* **Supplied entries**:
***

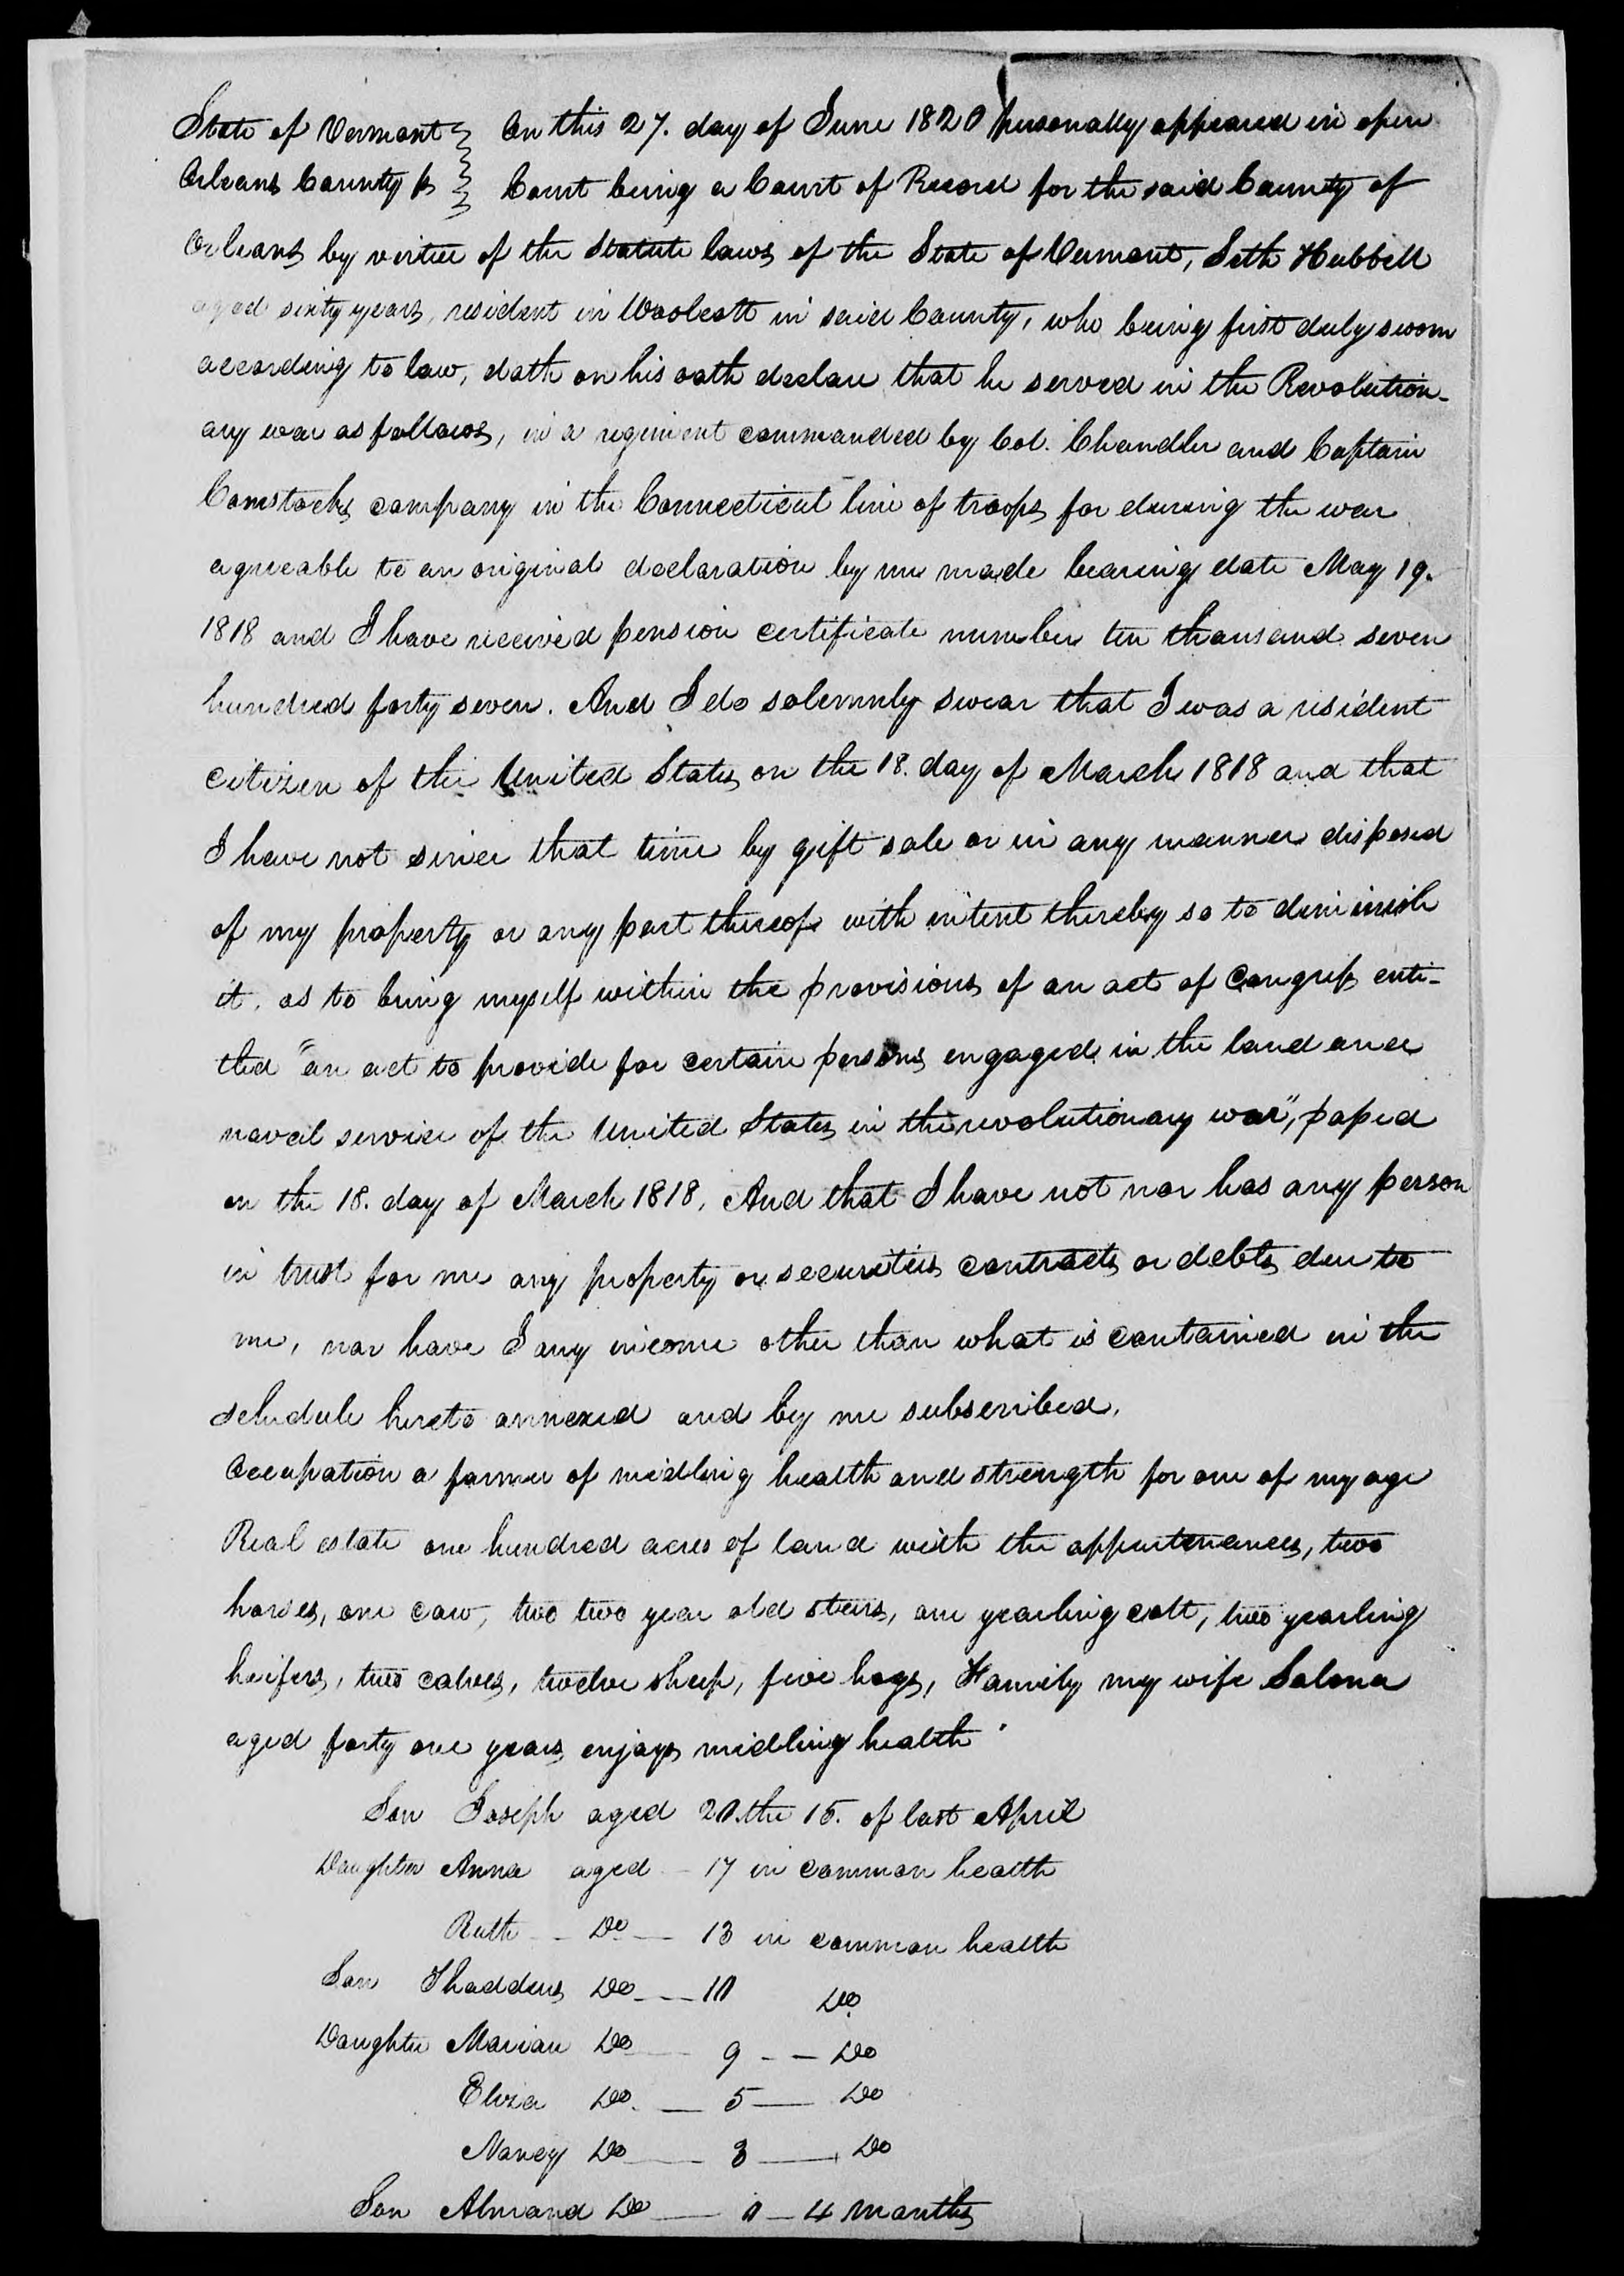State of Vermont
Orleans County SS
On this 27. day of June 1820 personally appeared in open court being a court of Record for the said County of Orleans by virtue of the statute laws of the State of Vermont, Seth Hubbell, aged sixty years, resident in Woolcott in said County, who being first duly sworn according to law, doth on his oath declare that he served in the Revolutionary war as follows, in a regiment commanded by Col. Chandler and Captain Comstocks company in the Connecticut line of troops for during the war agreeable to an original declaration by me made bearing date May 19, 1818 and I have received pension certificate number ten thousand seven hundred forty seven. And I do solemnly swear that I was a resident citizen of the United States on the 18. day of March 1818 and that I have not since that time by gift sale or in any manner disposed of my property or any part thereof with intent thereby so to diminish it, as to being myself within the provisions of an act of congress entitled "an act to provide for certain persons engaged in the land and naval service of the United States in the revolutionary war", passed on the 18. day of March 1818. And that I have not nor has any person in trust for me any property or securities contracts or debts due to me, nor have I any income other than what is contained in the schedule hereto annexed and by me subscribed, occupation a farmer of midling health and strength for one of my age Real estate one hundred acres of land with the appurtenances two horses, one cow, two two year old steers, one yearling colt, two yearling heifers, two calves, twelve sheep, five hogs, Family my wife Salome aged forty one years enjoys midling health

Son Joseph aged 20 the 15. of last April
Daughter Anna aged __ 17 in common health
                Ruth __ Do __ 13 in common health
     Son Thaddeus Do __ 10  Do
Daughter Marian Do__ 9 __Do
                    Eliza  Do. __ 5 __ Do
                   Nancy Do __ 3 __ Do
        Son Almond Do __ 0__4 months

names: Seth Hubbell, Nancy, Joseph, Salome, Almond, Eliza, Ruth, Thaddeus, Anna, Marian, Chandler
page: 85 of 114
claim: widow's
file: W. 2115, Seth Hubbell, Conn.

***

* **Instructions to follow**: Where in the listing does the string "common" appear? Copy every line that has it.

* **Problem solution**:
Daughter Anna aged __ 17 in common health
                Ruth __ Do __ 13 in common health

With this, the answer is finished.